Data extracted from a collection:
++++++++++

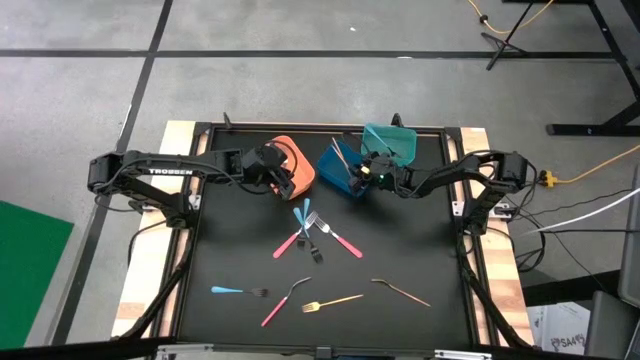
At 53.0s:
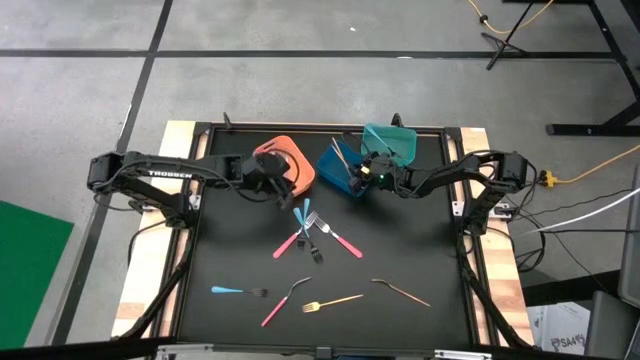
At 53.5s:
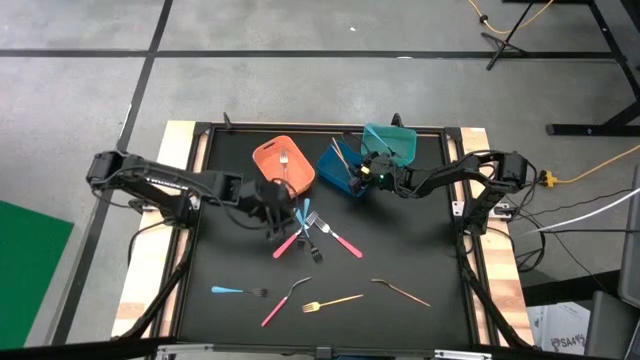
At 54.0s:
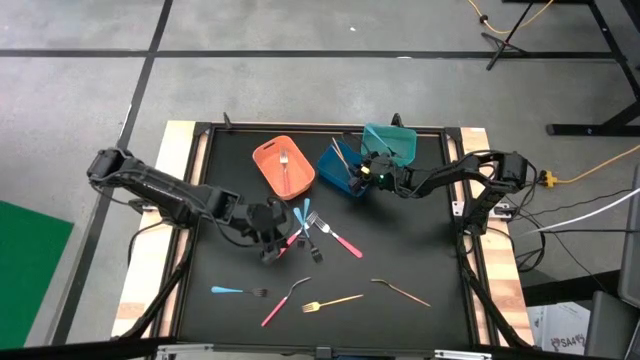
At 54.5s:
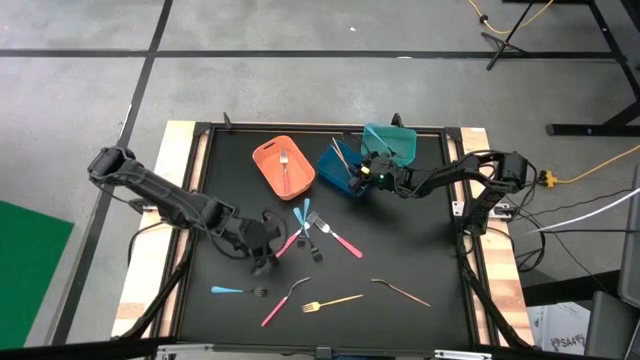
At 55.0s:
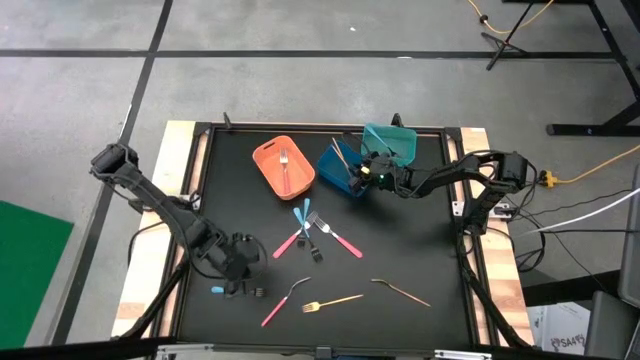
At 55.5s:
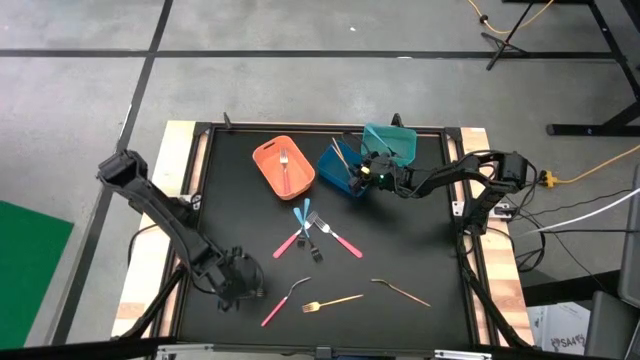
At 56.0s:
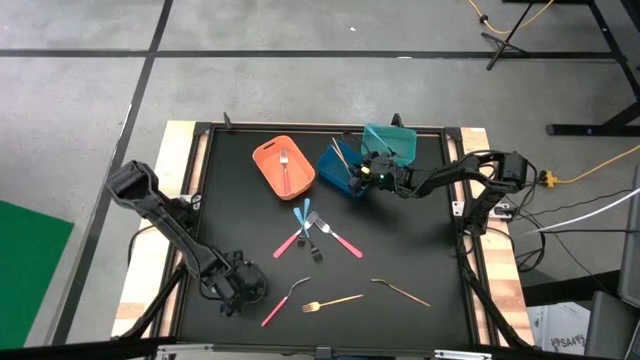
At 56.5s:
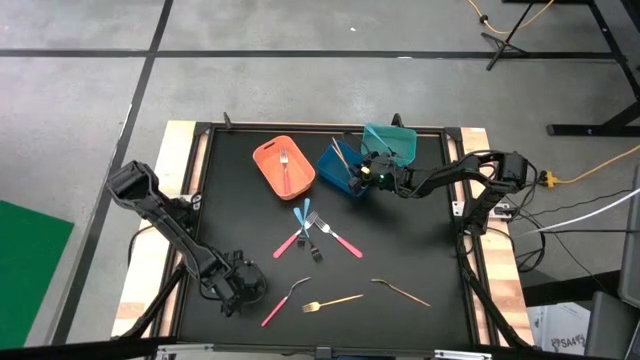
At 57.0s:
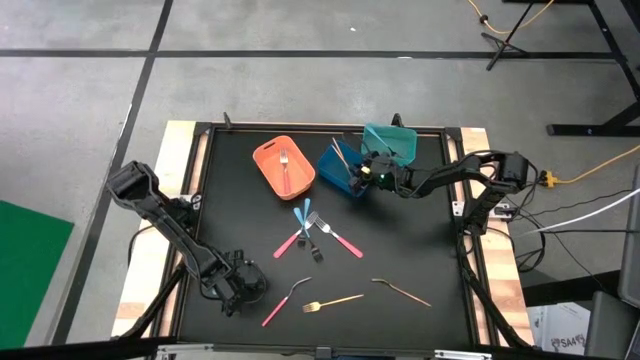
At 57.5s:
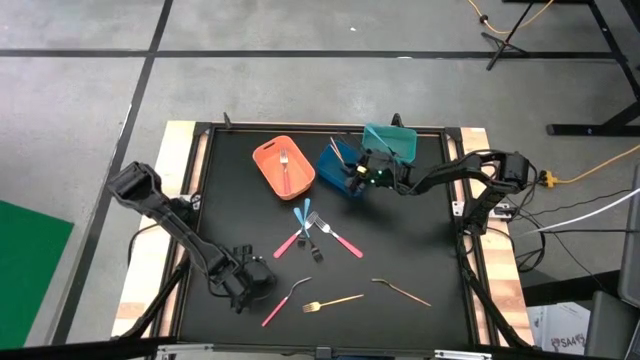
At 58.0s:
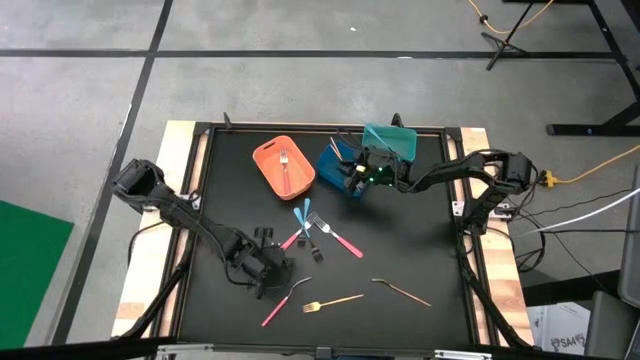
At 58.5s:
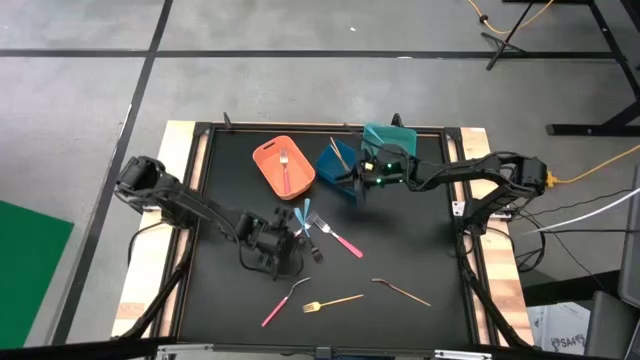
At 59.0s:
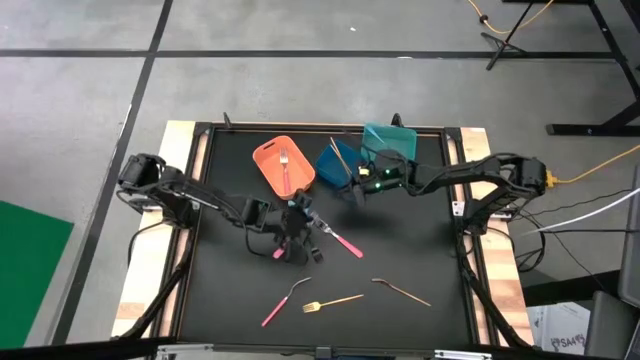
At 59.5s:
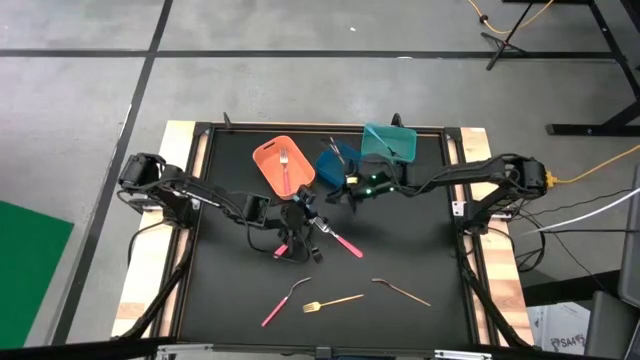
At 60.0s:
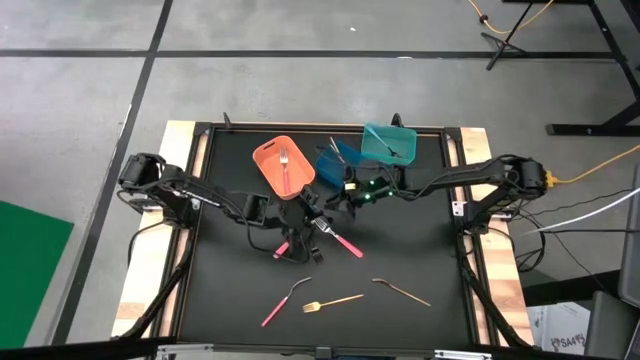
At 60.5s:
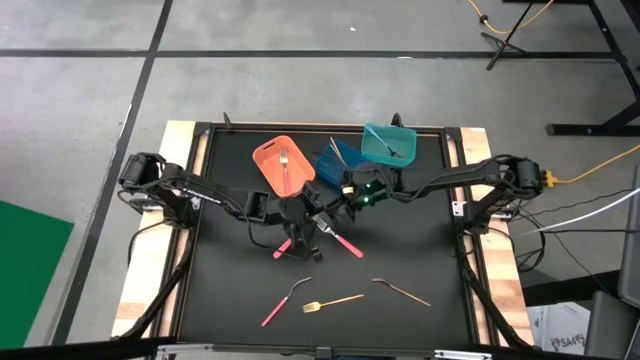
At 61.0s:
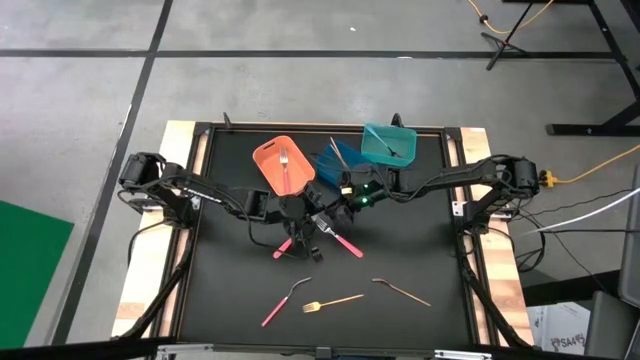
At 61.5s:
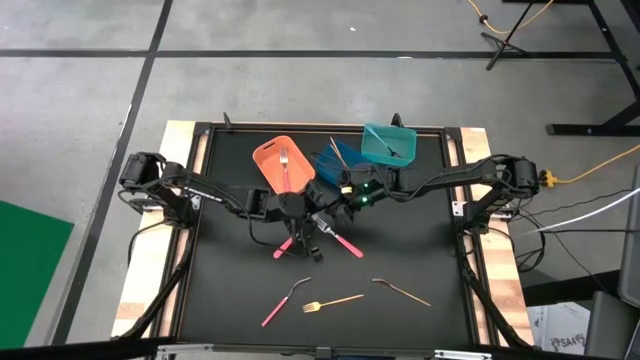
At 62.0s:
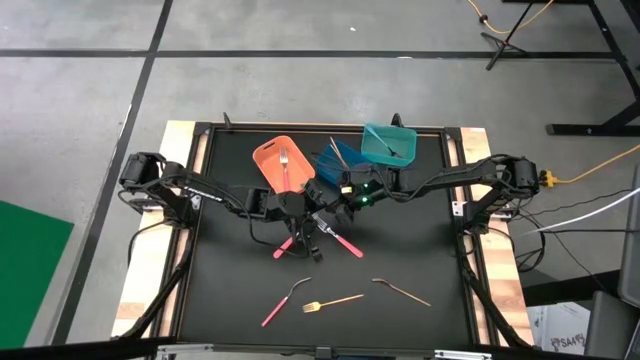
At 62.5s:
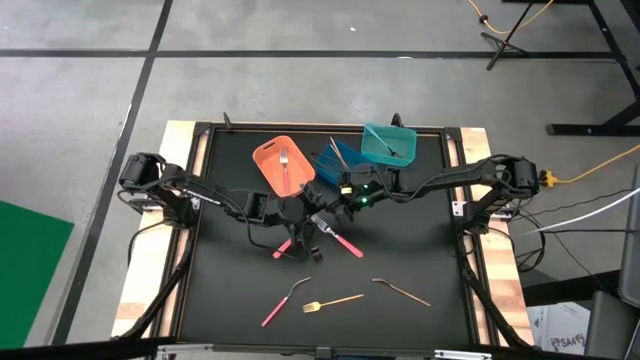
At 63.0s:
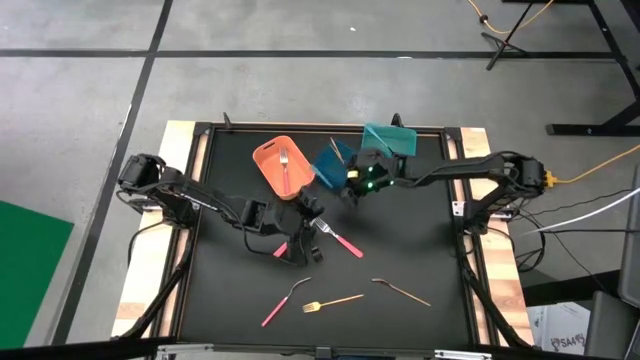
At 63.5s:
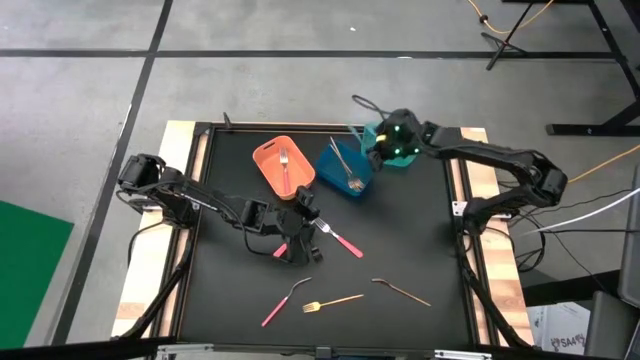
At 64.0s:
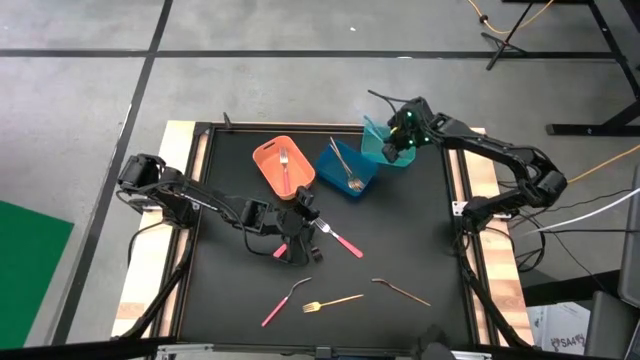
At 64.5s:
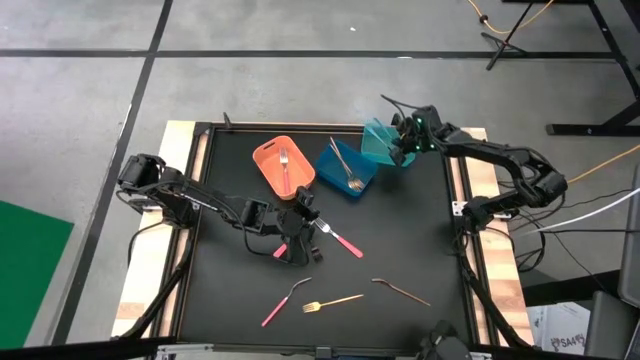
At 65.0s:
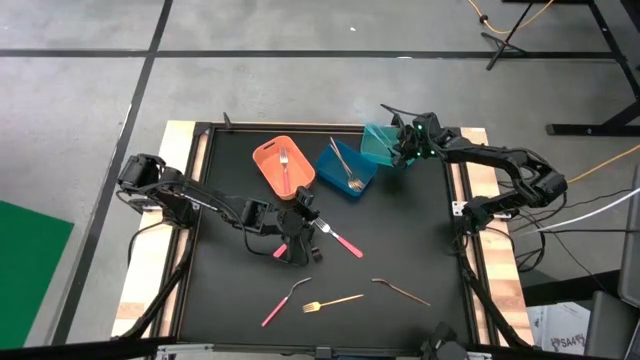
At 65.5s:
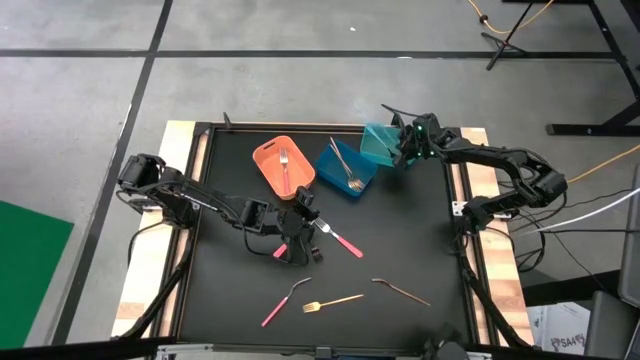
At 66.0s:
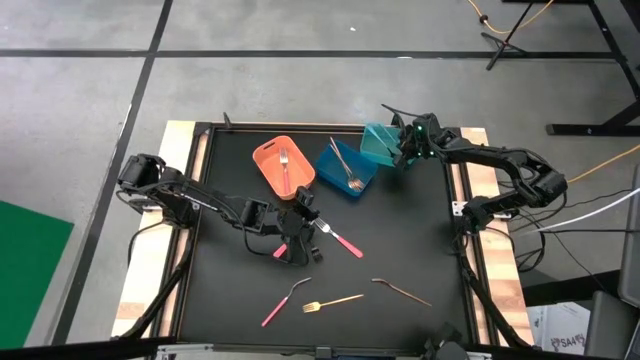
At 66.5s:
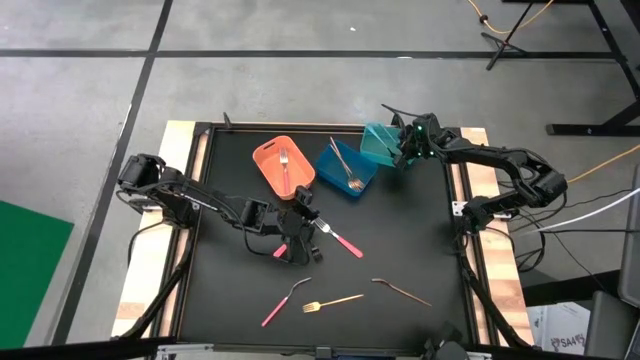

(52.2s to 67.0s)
Task: Sort silverware by color (type)
Put the blue fork into the green bin

++++++++++

The records above must be repeated in full and exactly, but without any of the pictures.

At 53.0s:
At 53.5s:
At 54.0s:
At 54.5s:
At 55.0s:
At 55.5s:
At 56.0s:
At 56.5s:
At 57.0s:
At 57.5s:
At 58.0s:
At 58.5s:
At 59.0s:
At 59.5s:
At 60.0s:
At 60.5s:
At 61.0s:
At 61.5s:
At 62.0s:
At 62.5s:
At 63.0s:
At 63.5s:
At 64.0s:
At 64.5s:
At 65.0s:
At 65.5s:
At 66.0s:
At 66.5s:

(52.2s to 67.0s)
Task: Sort silverware by color (type)
Put the blue fork into the green bin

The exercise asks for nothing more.